Speaking at an high level lecture on industrialization organized by the Manufacturers Association of Nigeria (MAN) themed ‘Overcoming the binding constraints to competitive manufacturing for Intra-African Trade’ in Abuja, he said the slow structural transformation of African economies is primarily driven by low level of industrial manufacturing and other challenges.

“The future of manufacturing will be digital and it is here already, Nigeria must therefore enhance its readiness to transition to digitized and smart manufacturing and develop a plan and capacity to compete in the smart industries that will become the main drivers of global economies,” he said.

He also said that Nigeria must prepare to utilize automation, robotics, artificial intelligence, machine learning, big data computing, 3-D printing and additive manufacturing under the fourth industrial revolution

Adesina noted that rising use of robotics in global manufacturing will pose a challenge for Nigeria’s drive to attract investments as developed countries leverage the declining cost of cognitive robots to reshoring previously out-sourced manufacturing capacities back to their home countries

“As capital costs continue to fall faster than labor costs, developed countries are shifting towards reliance on industrial robots for manufacturing, competition will become tougher in global value chains with robotics, as they could wipe out low labor cost advantage of Africa,” he added

In addition to this, he said as Nigeria participates in trade platforms, it will face stiffer competition on the establishment of industrial manufacturing platforms as competitors move from labor intensive industries to more knowledge intensive industries.

Read also: How MSMEs in Nigeria can accelerate growth optimizing digitalization, technology

Adesina mentioned that as part of the digitalization development drive, the use of Internet of Things (IoT) will raise productivity of labor in manufacturing, deploy smart machines, manufacturing platforms and systems, connecting machines and people, and using machine learning and artificial intelligence to improve speed and efficiencies of complex manufacturing processes.

He called on the federal and state governments to increase investments in Nigeria’s digital infrastructure and urged MAN to establish Industrial Digital Skills Academies which will help reskill and retool workers for digitalization.

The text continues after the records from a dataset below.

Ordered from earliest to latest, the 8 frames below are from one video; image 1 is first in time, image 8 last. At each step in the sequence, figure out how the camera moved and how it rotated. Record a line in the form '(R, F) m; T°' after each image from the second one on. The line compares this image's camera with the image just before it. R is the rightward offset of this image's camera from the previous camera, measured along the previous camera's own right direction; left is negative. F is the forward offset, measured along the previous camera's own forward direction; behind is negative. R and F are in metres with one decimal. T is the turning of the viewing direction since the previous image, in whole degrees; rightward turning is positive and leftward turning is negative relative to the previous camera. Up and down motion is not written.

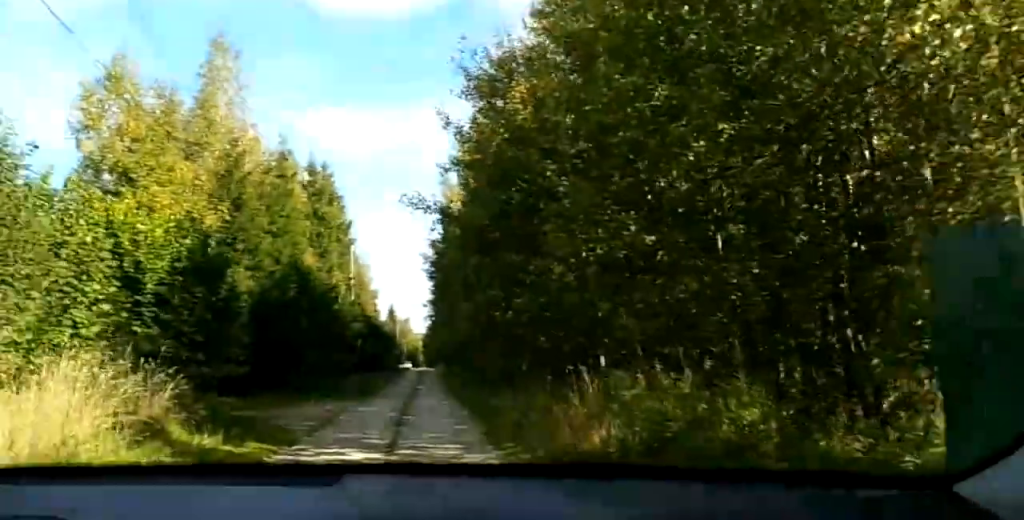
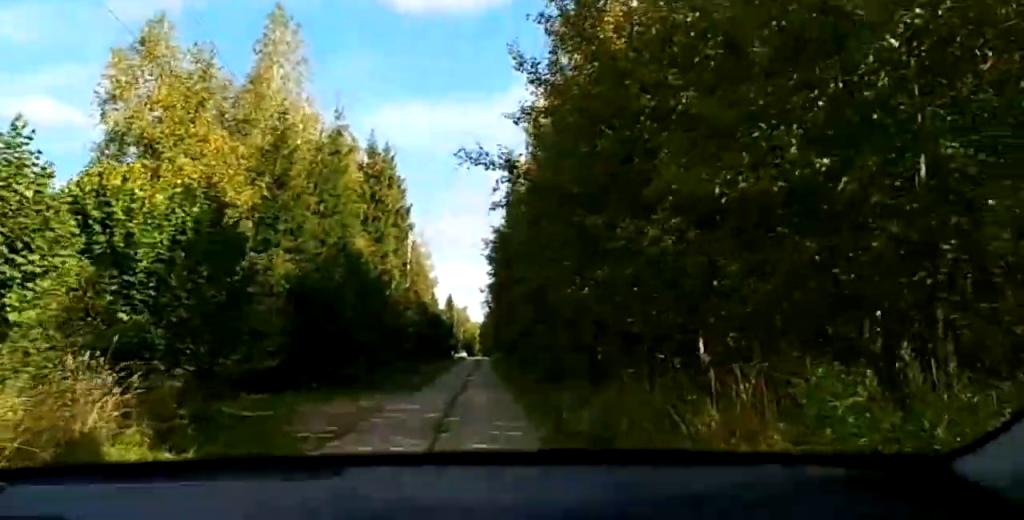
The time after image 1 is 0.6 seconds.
(0.0, +8.4) m; 0°
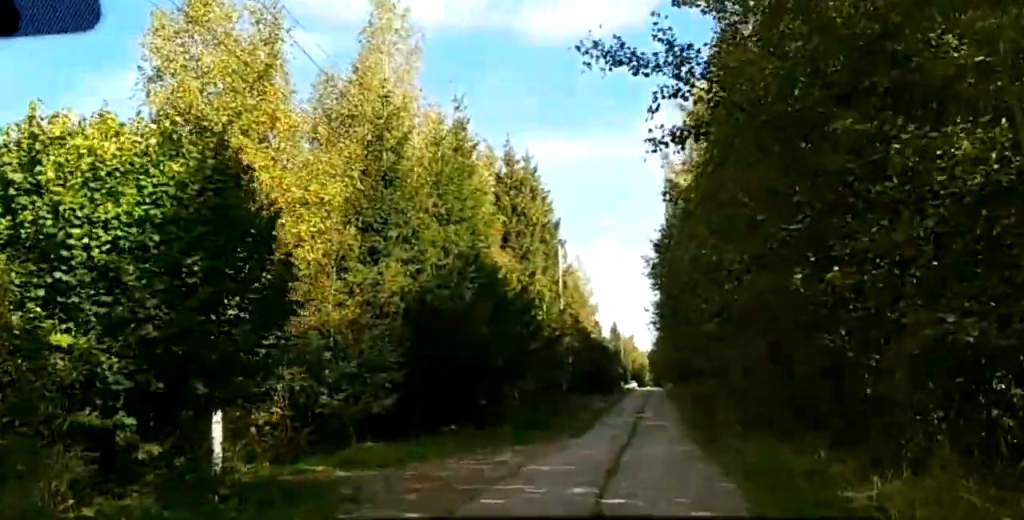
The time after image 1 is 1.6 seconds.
(0.0, +13.6) m; -2°
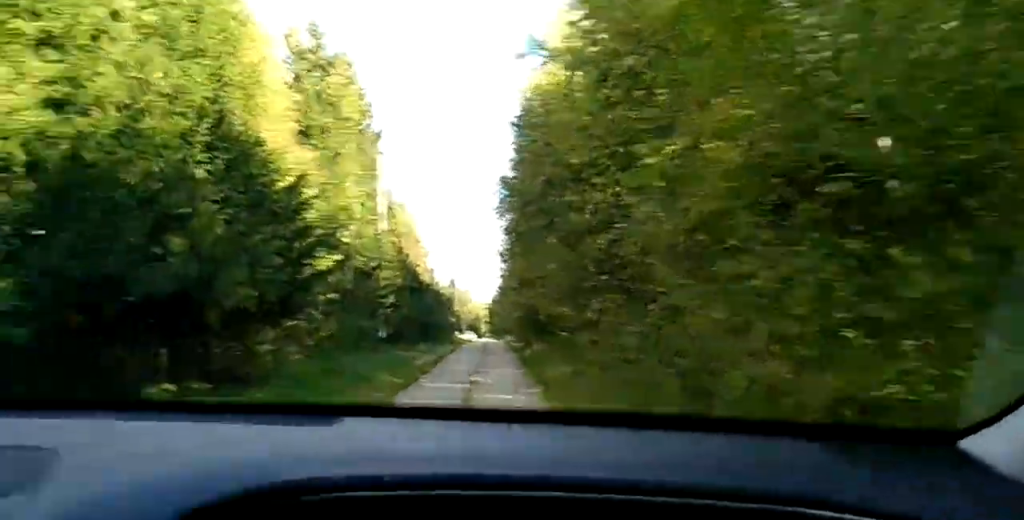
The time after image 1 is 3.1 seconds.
(-0.2, +18.4) m; +1°
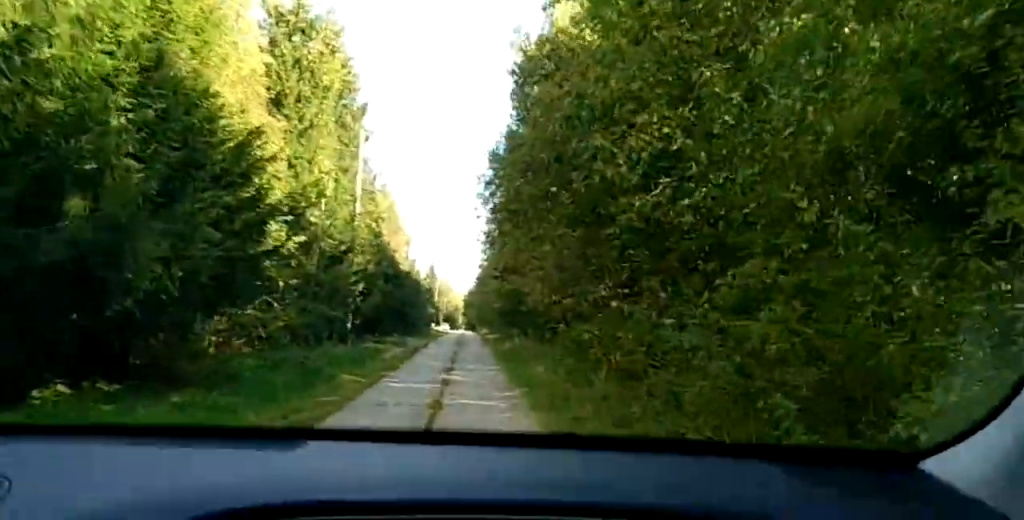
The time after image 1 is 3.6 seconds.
(+0.1, +5.6) m; +1°
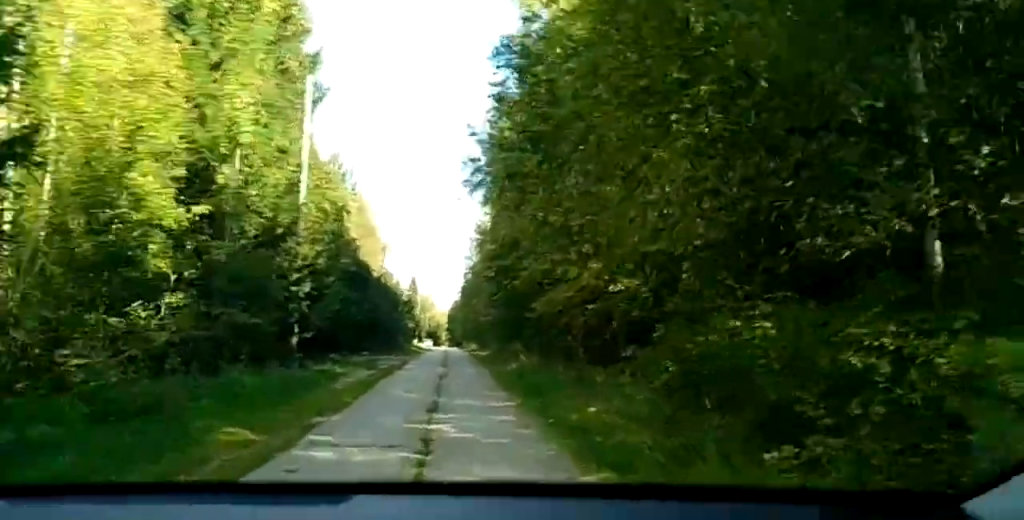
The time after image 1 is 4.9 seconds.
(-0.1, +14.3) m; -1°
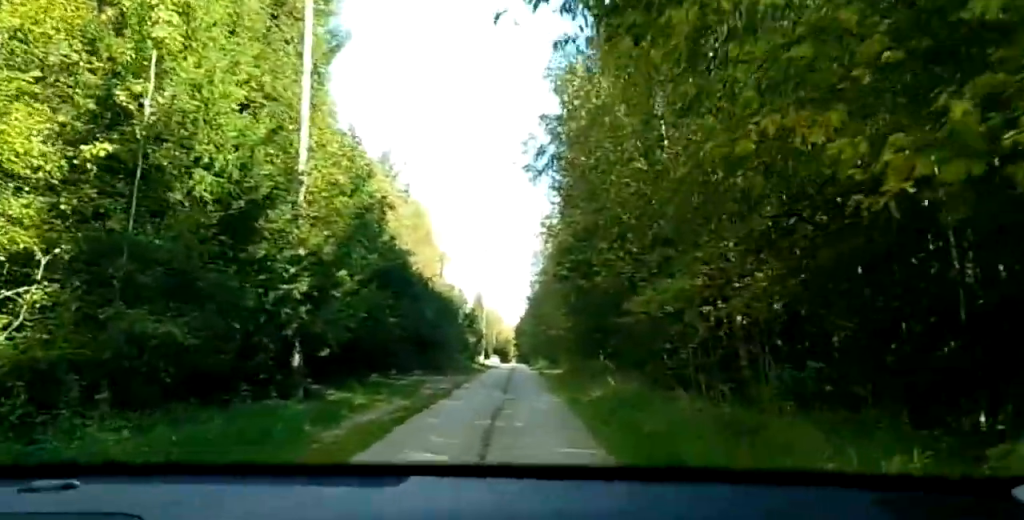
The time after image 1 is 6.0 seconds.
(0.0, +10.8) m; +1°
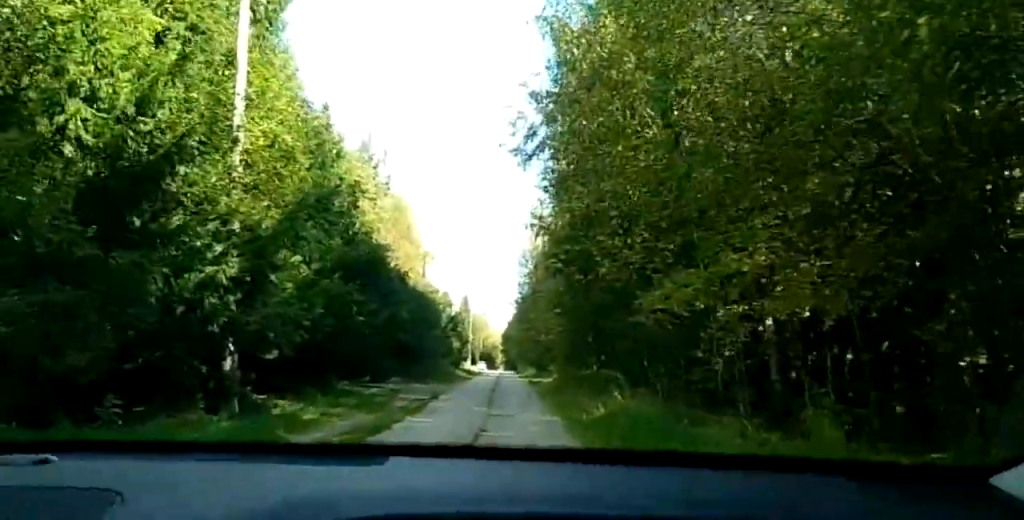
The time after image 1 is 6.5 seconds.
(+0.2, +5.0) m; +1°

Speaking on the Africa Continental Free Trade Area (AfCFTA), Adesina said The source of Nigeria’s greater wealth will come from having strong manufacturing capacity for competitiveness in regional trade and integration into global value chains.

“However this will require the prompt address of infrastructural and logistics bottlenecks that hamper industrial capacity and competitiveness, establishing and enforcing quality, grades and standards of products, assuring access of industries to land, providing investment relations management to attract investors and trade facilitation,” he said.

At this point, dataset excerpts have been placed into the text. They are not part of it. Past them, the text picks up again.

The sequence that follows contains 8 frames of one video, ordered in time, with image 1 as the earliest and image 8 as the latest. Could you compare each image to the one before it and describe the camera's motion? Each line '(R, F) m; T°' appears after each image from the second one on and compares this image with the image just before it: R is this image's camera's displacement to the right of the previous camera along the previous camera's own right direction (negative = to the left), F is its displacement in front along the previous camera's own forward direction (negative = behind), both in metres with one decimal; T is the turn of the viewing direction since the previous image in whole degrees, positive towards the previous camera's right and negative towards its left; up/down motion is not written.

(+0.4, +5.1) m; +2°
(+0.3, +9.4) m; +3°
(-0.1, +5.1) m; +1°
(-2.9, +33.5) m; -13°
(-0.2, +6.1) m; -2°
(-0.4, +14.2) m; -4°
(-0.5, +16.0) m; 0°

Adesina who was once Nigeria’s minister of agriculture, said although the country has had policies and programs for industrialization and expanding industrial manufacturing over the years, such as the National Economic Empowerment Development Strategy (NEEDS) in the 1990s and the Nigerian Industrial Revolution Plan (NIRP) in 2015, there is a huge gap between policy ideas and implementation which needs to be bridged.

“Greater efforts will be needed in Nigeria to ensure stability of the policy environment and avoid policy reversals to assure investors, With the right policies, investment frameworks, infrastructure, logistics and financing framework, and powered by a highly trained, dynamic and youthful workforce, Nigeria must fully unleash the power of manufacturing,” he said.